Hi,
I have a problem that sounds very simple: if you found a hit within a webpage's source, how can you find out if this hit is part of a link, or more generally, within a
tag?
I tried the following code with finds the first string correctly, but also the second one that should not match.
#!/usr/bin/perl -w
use strict;
my @strings = (
'<a href="#1">HIT<b>MUST MATCH</b></a> <a href="#2">2</a>',
'<a href="#1">HIT<a name="MUST NOT MATCH">-</a> <a href="#2">2</a>'
);
foreach my $string (@strings) {
"" =~ /()/; # set $1 to false
$string =~ /
( # the whole match should be catches as $1
HIT # start at the first found "HIT"
(?= # begin of positive Lookahead
[^<]*? # zero or more characters other than "<"

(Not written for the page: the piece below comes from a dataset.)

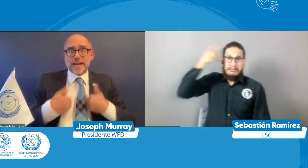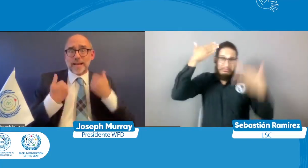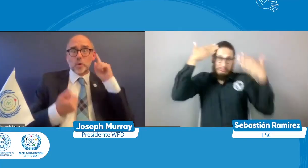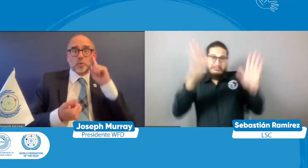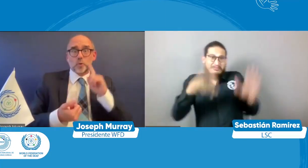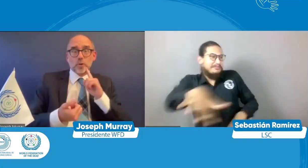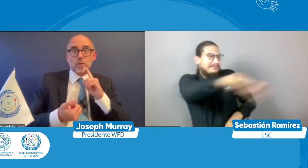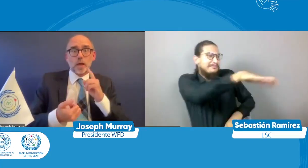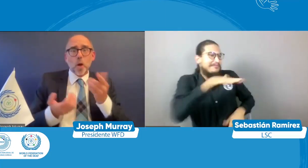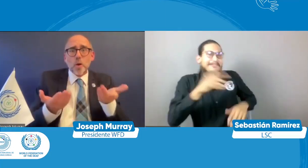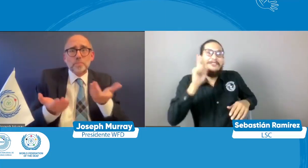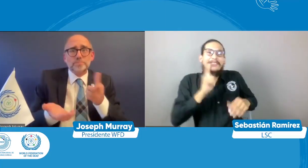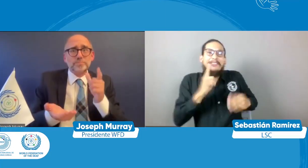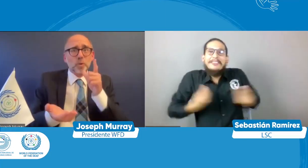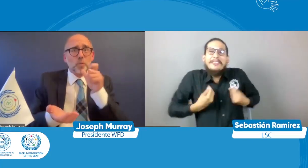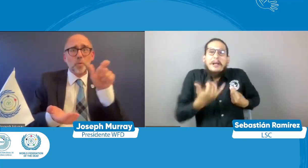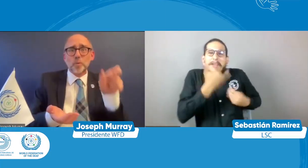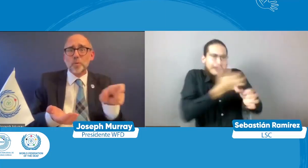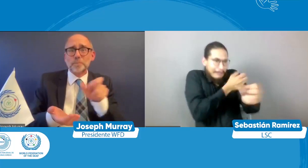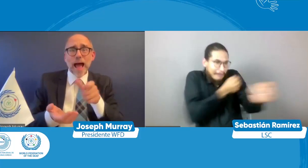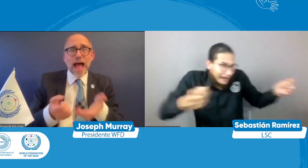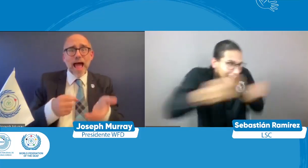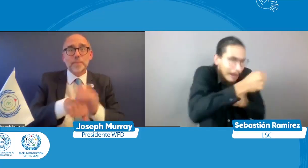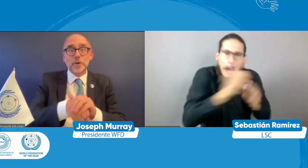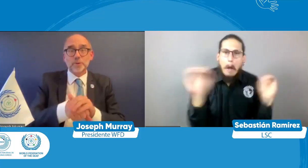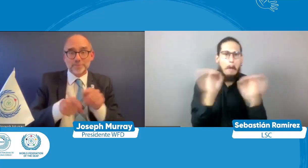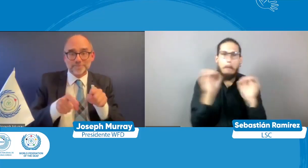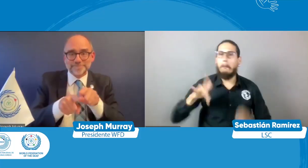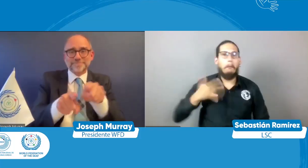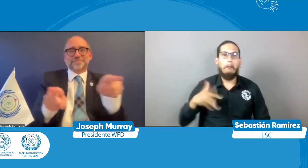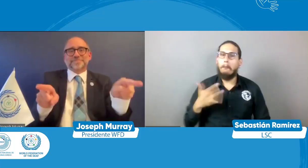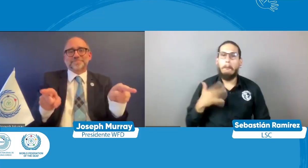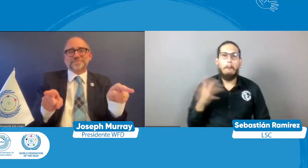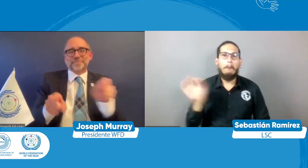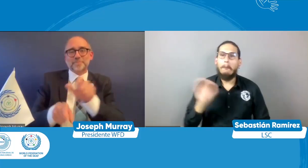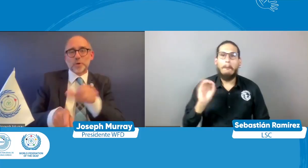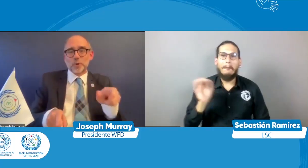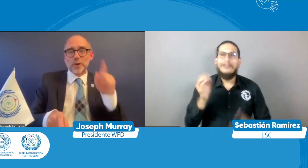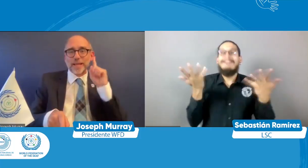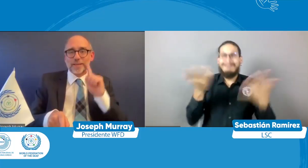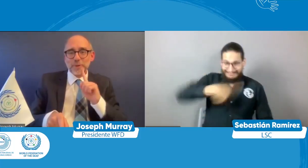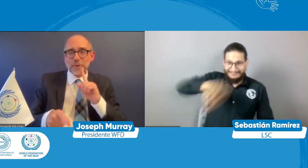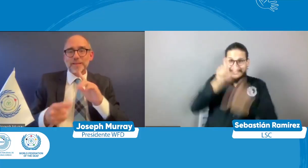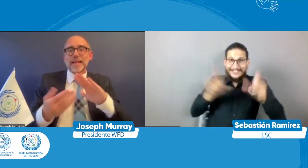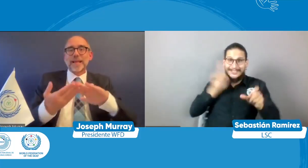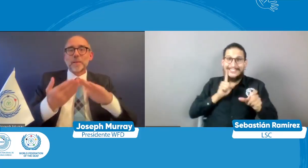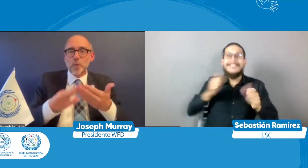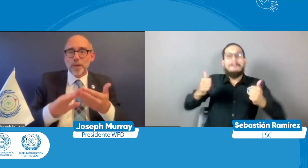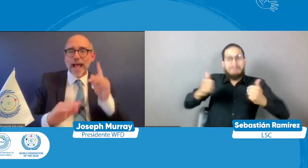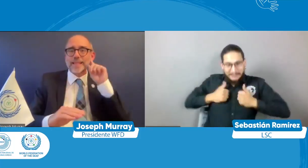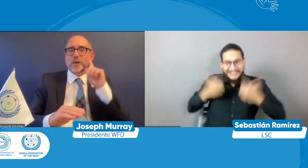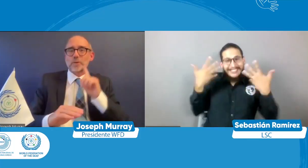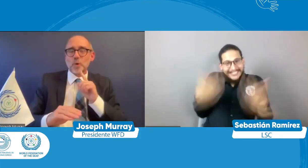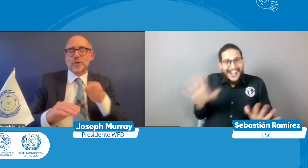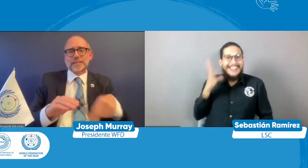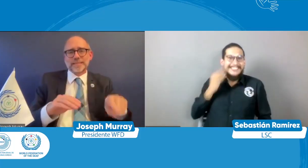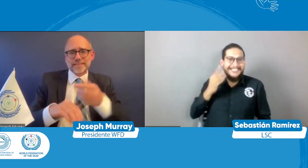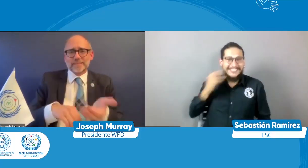o las mismas personas no conocen lo que es la convención no saben sobre qué es quienes deben conocerlo son ustedes la

(?! # start a negative Lookahead
<a[^>]*?> # an opening a tag is forbidden
)
.*?<\/a> # any characters until the closing a tag
) # end of positive Lookahead
.*? # catch all chars after HIT,
<\/a> # non-greedy until the first closing a tag
)
/x;
print "\nstring:\t$string\n";
if ($1) { print "match:\t$1\n" }
else { print "NO match!\n" }
}
I think the problem is related to my use of the negative Lookahead. Could anybody point me to the right direction?
Thanks,
rob.